▶ _Your instructions_: What you return should be the complete data below, word for word, with no pictures in it.

[[ Data to use open ]]

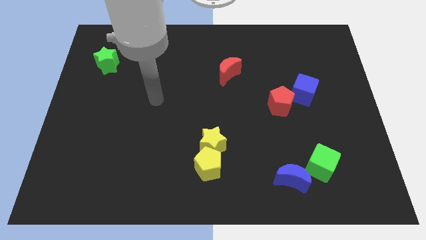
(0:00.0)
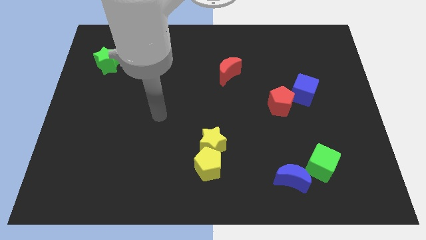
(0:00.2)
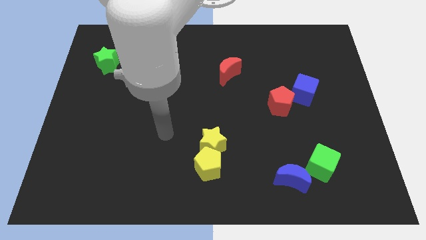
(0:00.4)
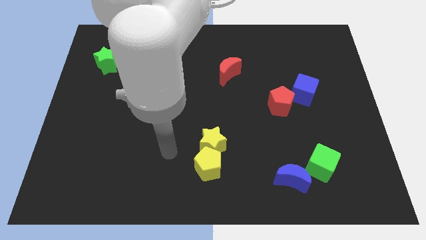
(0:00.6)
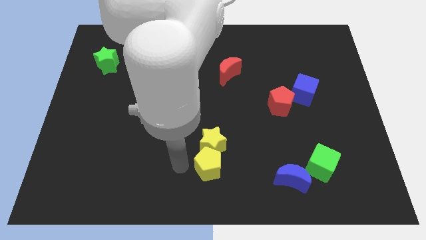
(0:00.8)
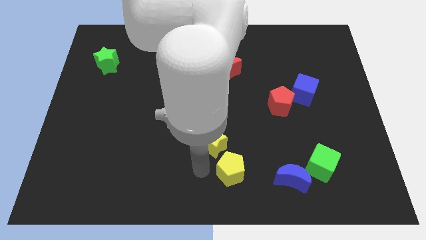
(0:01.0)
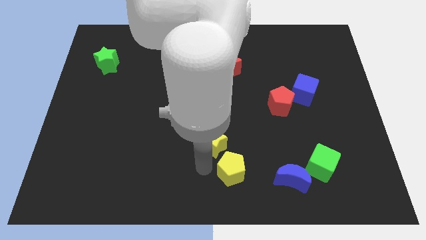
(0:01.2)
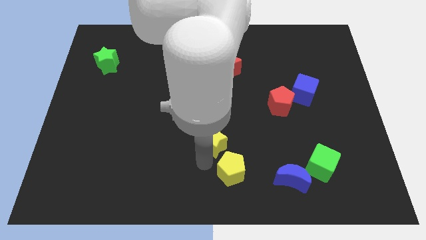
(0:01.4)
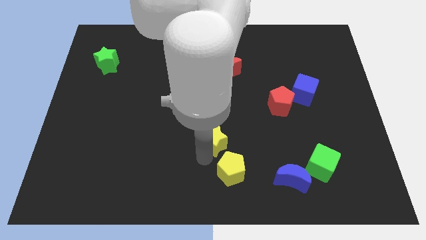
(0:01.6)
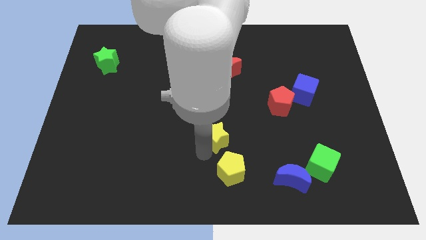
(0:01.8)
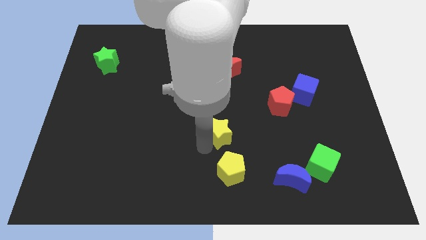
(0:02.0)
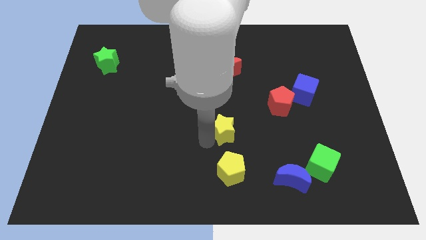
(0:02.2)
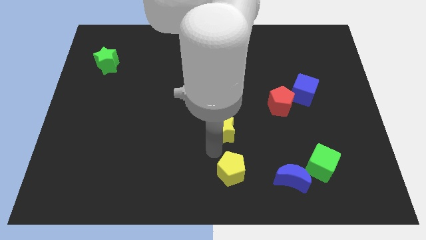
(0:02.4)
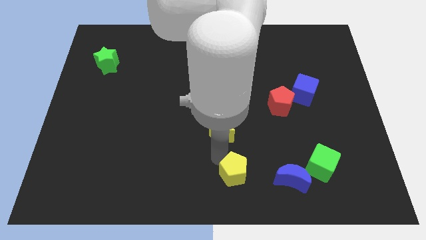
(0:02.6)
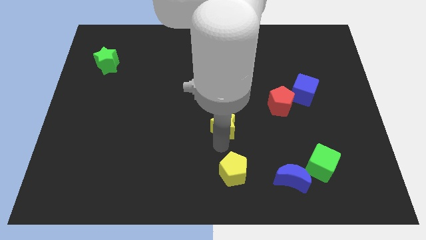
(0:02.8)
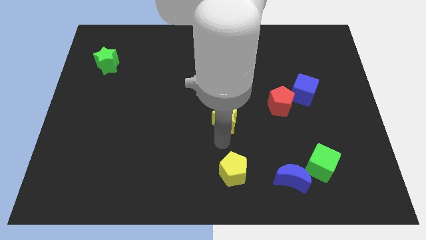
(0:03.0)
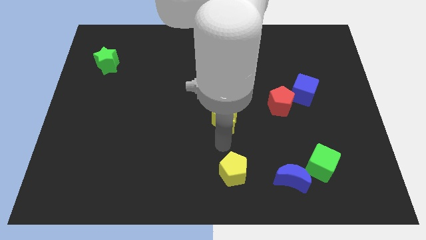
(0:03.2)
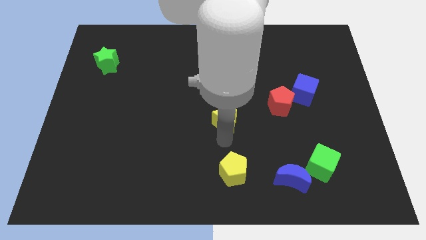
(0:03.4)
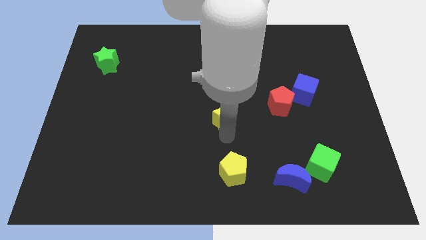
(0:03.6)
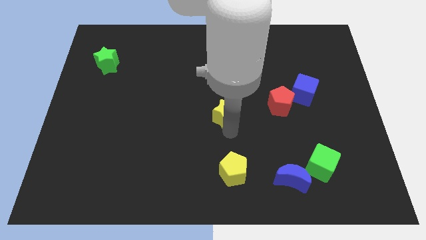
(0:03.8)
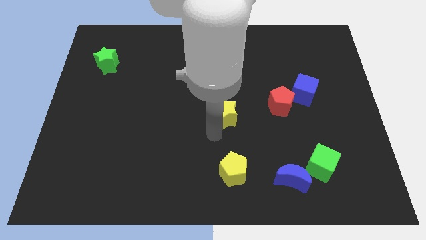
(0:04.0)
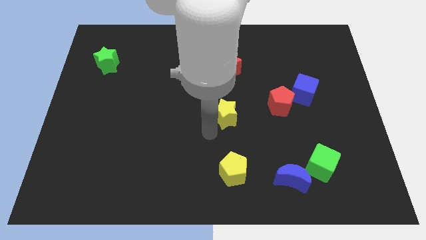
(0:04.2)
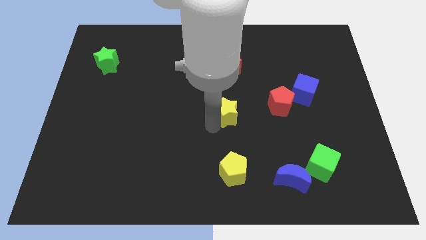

[[ Data to use closed ]]

▶ _Output for this task_:
(0:00.0)
(0:00.2)
(0:00.4)
(0:00.6)
(0:00.8)
(0:01.0)
(0:01.2)
(0:01.4)
(0:01.6)
(0:01.8)
(0:02.0)
(0:02.2)
(0:02.4)
(0:02.6)
(0:02.8)
(0:03.0)
(0:03.2)
(0:03.4)
(0:03.6)
(0:03.8)
(0:04.0)
(0:04.2)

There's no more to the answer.